» **ACTIVITY**: Reply with nothing but how many lines in the entries below include "fill".

» **EXCERPTED RECORDS**:
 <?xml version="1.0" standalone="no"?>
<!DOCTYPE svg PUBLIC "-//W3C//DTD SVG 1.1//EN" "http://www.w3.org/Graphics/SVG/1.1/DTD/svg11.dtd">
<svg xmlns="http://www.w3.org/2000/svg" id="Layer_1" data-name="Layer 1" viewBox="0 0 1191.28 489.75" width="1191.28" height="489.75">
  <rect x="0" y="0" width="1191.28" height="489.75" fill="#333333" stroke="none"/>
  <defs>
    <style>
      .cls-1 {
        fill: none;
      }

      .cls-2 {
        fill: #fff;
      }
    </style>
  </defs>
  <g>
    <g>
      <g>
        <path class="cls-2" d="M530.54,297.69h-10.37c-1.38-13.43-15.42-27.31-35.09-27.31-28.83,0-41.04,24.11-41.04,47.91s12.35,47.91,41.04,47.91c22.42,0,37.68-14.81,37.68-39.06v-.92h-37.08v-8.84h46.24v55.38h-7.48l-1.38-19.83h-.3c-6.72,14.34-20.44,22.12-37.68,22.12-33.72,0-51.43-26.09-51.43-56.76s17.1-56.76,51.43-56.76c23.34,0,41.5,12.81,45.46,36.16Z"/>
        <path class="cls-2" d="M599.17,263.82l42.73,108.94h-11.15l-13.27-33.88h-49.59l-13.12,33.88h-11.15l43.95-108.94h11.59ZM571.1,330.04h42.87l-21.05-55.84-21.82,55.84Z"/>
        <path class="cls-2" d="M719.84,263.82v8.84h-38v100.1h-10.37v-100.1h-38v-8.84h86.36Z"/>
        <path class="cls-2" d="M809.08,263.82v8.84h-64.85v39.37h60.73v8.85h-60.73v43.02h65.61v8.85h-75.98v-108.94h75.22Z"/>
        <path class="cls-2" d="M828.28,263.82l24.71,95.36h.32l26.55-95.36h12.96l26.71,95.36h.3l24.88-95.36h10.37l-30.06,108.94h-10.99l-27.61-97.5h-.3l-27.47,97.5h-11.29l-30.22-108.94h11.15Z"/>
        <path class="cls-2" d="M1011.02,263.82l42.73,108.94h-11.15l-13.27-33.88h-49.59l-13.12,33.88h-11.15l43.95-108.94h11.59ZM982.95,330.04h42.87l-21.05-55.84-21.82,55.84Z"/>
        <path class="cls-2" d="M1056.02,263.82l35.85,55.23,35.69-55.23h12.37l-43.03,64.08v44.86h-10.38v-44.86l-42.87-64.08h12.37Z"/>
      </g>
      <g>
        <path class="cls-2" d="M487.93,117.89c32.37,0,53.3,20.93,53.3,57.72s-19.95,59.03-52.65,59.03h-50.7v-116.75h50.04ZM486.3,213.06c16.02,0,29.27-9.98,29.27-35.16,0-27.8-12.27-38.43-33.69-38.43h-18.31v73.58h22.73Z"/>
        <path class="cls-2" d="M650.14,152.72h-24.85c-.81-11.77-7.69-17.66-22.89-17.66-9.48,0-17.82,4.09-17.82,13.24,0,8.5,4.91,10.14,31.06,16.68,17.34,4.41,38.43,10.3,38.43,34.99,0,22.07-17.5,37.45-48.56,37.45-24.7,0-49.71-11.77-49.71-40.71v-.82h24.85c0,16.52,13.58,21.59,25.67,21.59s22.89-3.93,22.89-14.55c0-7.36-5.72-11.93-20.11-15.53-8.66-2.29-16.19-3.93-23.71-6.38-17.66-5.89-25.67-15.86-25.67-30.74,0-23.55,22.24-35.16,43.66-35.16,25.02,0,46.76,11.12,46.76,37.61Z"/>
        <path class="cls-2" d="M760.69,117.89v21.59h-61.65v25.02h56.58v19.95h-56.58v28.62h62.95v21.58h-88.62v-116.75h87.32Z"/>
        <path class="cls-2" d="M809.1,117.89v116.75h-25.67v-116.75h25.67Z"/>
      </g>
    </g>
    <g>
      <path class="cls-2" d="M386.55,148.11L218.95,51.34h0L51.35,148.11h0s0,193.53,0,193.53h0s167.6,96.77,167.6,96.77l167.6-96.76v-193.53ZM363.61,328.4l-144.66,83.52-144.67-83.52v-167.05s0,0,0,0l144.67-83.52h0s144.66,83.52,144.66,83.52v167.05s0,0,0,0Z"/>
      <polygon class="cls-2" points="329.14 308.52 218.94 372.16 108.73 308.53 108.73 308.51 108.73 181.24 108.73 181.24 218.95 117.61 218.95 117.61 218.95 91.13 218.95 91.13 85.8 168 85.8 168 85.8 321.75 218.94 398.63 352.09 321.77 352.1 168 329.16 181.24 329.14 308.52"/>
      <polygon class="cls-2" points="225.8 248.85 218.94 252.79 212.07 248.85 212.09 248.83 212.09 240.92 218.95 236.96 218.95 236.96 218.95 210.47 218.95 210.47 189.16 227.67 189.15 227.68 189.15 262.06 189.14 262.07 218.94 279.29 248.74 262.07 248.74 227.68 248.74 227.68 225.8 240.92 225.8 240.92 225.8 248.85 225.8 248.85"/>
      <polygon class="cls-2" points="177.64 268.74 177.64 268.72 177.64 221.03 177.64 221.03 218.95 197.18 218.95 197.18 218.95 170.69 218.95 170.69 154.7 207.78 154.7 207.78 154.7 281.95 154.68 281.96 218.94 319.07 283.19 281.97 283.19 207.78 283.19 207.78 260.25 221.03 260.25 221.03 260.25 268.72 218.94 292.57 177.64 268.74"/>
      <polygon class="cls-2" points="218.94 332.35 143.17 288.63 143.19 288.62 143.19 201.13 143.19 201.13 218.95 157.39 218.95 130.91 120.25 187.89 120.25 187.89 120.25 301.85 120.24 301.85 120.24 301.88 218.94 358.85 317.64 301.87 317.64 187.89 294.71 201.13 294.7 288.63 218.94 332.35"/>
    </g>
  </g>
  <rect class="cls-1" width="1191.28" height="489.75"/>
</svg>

» **TASK RESPONSE**: 3